## Problem to solve:
Work through the data below and give the number of lines holding "outdoors", nothing more.

Recorded data:
== Segment start ==
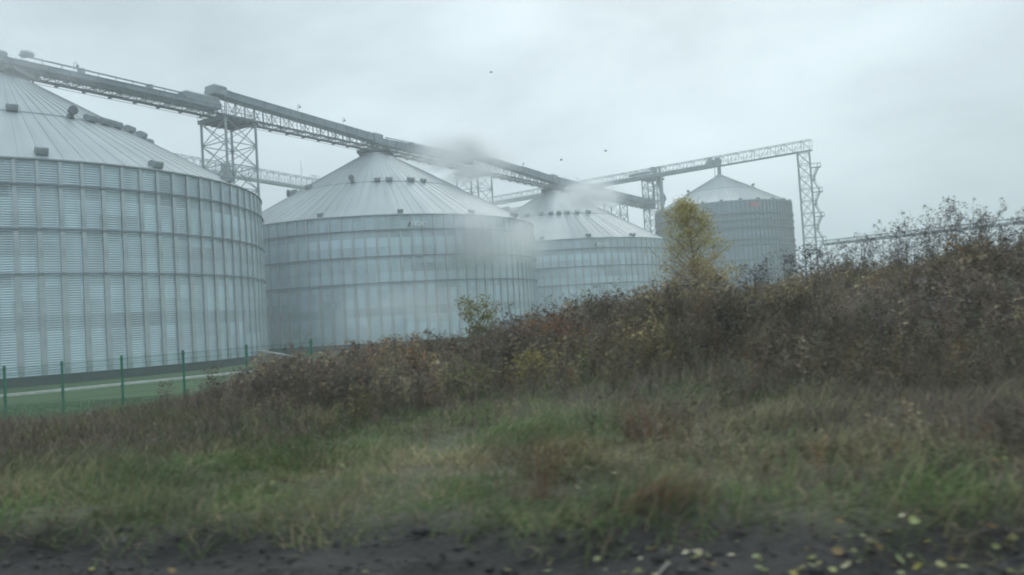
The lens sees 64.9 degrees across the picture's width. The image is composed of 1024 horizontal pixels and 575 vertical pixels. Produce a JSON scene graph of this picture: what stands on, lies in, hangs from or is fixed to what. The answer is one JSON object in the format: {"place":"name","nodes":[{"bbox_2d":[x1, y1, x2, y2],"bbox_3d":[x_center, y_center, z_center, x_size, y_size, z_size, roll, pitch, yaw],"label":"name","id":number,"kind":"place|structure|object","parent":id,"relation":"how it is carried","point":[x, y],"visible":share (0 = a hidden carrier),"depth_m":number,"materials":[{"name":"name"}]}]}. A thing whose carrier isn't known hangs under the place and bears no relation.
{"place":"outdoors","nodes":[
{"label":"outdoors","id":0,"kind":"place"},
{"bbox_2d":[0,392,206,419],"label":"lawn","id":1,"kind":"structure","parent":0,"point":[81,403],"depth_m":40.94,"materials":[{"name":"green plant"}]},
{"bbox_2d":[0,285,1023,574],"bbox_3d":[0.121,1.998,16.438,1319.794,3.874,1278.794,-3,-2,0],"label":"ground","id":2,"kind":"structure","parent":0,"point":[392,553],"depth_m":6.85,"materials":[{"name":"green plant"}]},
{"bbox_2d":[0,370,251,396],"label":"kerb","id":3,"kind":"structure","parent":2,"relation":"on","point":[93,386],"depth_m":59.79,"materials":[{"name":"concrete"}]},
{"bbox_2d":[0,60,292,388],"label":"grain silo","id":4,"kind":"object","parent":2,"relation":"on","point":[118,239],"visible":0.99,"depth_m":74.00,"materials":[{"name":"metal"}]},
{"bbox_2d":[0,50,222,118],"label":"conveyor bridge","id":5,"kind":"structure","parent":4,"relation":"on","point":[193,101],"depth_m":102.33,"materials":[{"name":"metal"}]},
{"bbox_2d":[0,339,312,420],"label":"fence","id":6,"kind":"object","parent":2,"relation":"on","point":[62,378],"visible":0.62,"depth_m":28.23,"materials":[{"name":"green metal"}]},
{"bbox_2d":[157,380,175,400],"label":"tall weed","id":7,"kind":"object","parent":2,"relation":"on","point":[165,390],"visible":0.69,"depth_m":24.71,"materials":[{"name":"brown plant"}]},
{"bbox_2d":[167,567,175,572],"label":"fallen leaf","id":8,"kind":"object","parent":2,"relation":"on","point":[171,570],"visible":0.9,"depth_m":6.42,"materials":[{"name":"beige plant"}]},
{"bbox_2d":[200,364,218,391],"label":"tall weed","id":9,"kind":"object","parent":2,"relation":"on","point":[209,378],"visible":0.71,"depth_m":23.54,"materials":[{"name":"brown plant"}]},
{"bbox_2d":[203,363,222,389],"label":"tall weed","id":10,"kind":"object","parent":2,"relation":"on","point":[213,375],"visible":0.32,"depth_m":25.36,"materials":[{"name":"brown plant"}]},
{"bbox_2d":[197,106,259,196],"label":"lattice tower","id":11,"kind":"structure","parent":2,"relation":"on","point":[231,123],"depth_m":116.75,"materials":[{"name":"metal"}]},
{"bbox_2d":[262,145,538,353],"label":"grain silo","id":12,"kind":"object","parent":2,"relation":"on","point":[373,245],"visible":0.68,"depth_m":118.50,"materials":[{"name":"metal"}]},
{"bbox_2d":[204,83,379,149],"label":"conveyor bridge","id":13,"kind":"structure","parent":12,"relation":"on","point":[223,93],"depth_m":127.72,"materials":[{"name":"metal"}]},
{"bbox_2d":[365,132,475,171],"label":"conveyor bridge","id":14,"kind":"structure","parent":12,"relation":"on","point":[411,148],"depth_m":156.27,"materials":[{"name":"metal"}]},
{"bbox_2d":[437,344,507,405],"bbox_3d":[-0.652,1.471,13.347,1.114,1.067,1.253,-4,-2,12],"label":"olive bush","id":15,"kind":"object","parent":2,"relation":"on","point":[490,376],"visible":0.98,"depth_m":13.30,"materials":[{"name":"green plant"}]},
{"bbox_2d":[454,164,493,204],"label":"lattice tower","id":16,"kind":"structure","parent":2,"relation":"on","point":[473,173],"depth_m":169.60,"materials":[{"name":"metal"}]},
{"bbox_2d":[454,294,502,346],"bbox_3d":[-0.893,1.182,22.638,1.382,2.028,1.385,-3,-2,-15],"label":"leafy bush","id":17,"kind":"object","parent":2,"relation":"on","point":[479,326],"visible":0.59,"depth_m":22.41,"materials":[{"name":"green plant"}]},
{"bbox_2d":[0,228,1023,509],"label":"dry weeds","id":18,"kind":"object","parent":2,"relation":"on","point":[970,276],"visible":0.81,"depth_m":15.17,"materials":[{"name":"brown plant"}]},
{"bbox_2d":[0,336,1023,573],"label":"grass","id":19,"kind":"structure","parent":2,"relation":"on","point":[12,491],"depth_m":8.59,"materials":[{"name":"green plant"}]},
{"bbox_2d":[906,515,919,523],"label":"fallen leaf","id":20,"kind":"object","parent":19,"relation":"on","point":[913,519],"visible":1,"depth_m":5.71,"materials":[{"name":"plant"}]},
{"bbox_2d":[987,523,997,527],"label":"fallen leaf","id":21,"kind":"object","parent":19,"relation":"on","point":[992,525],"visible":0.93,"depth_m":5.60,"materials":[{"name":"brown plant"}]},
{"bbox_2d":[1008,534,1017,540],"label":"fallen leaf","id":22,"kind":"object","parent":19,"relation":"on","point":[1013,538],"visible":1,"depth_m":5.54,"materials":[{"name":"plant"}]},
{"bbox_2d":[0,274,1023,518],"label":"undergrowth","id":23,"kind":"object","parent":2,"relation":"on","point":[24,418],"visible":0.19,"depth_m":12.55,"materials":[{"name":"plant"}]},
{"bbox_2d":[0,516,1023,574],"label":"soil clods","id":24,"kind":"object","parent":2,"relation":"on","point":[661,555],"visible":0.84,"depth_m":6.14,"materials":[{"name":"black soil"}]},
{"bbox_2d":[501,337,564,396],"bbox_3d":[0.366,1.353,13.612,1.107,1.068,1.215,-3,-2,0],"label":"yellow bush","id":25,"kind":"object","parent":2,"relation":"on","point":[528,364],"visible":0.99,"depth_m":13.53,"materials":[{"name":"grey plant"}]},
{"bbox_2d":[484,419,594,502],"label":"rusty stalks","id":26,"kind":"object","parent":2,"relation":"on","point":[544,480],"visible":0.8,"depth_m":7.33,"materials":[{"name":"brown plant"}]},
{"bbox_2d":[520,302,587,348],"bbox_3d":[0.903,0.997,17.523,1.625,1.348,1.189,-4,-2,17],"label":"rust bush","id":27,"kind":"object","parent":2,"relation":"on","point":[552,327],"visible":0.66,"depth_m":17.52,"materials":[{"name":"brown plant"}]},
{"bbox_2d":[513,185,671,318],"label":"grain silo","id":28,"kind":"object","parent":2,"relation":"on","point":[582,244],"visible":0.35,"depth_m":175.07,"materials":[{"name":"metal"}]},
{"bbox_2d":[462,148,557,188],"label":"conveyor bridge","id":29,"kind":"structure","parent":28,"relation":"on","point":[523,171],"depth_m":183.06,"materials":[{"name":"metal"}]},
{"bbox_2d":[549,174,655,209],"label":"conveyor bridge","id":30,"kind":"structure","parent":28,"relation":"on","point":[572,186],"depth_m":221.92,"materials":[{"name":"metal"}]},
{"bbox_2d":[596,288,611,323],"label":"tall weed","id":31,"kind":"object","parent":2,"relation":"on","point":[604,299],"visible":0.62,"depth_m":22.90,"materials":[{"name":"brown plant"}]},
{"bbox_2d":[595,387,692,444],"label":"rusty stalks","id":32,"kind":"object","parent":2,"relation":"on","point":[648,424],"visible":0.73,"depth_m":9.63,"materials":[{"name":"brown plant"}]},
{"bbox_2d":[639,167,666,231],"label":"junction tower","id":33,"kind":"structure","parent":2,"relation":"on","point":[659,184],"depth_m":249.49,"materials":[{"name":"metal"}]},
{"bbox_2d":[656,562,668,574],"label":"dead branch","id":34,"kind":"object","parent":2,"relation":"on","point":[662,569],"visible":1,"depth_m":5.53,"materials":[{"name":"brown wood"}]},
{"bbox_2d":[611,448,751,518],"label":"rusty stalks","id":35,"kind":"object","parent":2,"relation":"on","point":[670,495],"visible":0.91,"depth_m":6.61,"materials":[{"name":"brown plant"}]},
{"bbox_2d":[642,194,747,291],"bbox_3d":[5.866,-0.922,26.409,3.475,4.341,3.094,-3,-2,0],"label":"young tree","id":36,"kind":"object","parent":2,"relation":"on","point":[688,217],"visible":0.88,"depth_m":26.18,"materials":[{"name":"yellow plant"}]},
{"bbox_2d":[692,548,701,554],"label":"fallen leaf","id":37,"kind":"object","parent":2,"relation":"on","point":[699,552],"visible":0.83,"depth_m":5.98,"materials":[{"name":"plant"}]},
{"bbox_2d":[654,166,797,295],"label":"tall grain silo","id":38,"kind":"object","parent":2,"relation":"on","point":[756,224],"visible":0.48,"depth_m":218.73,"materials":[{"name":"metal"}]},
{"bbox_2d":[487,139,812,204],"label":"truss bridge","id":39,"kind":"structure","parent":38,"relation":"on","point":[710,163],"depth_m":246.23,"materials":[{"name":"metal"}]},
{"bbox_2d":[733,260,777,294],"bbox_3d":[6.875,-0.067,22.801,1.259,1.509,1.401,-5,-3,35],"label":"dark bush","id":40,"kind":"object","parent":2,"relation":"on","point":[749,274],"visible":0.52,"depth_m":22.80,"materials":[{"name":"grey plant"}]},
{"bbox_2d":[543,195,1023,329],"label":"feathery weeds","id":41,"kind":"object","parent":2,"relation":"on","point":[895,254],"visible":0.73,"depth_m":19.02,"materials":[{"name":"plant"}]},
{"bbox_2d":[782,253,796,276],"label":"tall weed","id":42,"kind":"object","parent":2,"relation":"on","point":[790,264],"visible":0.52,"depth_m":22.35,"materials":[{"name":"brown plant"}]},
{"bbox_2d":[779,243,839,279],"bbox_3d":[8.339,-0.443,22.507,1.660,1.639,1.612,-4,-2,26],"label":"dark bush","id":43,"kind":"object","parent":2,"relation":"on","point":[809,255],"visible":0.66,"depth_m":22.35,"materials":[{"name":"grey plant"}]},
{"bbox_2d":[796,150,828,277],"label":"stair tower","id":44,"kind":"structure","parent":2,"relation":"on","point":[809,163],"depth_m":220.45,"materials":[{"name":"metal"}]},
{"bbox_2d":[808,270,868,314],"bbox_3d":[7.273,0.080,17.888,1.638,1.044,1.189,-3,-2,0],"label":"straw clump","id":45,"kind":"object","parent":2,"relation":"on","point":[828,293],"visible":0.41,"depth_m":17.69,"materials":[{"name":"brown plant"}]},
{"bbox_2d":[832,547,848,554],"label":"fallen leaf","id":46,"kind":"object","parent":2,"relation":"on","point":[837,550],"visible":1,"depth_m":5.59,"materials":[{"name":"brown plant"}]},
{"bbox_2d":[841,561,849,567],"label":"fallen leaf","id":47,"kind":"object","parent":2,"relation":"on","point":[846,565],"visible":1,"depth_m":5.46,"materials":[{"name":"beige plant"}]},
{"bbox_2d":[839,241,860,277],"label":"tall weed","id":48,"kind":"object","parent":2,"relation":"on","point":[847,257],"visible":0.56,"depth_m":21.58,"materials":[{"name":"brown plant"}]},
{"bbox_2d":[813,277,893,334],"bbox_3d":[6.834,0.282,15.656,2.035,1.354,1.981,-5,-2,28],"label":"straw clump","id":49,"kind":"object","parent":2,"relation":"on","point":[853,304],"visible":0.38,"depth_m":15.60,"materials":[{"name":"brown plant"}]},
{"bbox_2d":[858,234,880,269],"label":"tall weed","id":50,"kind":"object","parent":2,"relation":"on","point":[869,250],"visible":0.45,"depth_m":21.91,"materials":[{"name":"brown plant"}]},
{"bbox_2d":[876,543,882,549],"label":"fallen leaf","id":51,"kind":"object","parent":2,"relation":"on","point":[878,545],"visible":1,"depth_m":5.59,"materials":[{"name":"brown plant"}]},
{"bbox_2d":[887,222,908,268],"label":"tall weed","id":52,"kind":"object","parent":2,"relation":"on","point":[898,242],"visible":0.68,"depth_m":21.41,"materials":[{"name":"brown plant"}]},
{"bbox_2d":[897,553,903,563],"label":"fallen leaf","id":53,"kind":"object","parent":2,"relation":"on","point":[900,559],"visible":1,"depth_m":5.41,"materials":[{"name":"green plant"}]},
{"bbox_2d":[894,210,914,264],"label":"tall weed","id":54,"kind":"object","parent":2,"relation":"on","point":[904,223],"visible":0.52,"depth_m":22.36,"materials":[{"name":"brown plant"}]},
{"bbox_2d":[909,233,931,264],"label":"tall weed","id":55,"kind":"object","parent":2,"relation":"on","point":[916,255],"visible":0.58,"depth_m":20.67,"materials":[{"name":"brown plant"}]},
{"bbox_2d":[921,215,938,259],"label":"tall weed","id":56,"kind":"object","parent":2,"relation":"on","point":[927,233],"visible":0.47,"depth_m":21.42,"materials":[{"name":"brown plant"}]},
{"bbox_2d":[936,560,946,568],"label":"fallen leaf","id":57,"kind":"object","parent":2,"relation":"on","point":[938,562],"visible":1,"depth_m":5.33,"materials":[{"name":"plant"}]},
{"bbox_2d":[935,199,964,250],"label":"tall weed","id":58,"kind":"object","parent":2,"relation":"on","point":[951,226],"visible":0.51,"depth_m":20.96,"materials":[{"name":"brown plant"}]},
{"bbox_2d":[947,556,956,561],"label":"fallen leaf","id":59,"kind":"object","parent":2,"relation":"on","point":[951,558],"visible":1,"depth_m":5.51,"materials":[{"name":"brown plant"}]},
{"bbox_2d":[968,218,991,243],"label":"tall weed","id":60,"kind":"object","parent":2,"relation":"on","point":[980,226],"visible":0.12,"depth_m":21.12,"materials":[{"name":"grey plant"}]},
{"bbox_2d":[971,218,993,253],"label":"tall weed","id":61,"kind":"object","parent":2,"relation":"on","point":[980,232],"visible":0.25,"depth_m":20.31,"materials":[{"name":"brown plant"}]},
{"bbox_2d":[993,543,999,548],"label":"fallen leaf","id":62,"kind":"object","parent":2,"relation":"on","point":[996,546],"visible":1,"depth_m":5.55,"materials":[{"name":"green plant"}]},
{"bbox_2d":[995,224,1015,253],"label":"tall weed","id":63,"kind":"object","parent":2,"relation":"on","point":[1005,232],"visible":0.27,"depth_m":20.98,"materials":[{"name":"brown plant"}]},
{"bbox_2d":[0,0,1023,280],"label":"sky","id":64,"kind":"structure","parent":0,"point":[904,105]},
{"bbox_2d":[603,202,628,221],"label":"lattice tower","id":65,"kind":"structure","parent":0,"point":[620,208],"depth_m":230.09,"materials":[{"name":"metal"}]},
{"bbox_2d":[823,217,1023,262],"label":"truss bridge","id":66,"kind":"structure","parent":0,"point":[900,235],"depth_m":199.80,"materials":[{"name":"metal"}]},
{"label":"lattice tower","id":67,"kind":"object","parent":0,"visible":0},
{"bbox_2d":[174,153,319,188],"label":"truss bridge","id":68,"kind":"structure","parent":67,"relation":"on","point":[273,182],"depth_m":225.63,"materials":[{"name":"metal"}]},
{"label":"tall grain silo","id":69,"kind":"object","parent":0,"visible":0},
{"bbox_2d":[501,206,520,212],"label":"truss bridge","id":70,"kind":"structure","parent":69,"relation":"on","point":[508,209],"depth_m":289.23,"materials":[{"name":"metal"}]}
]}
== Segment end ==
## Task response:
2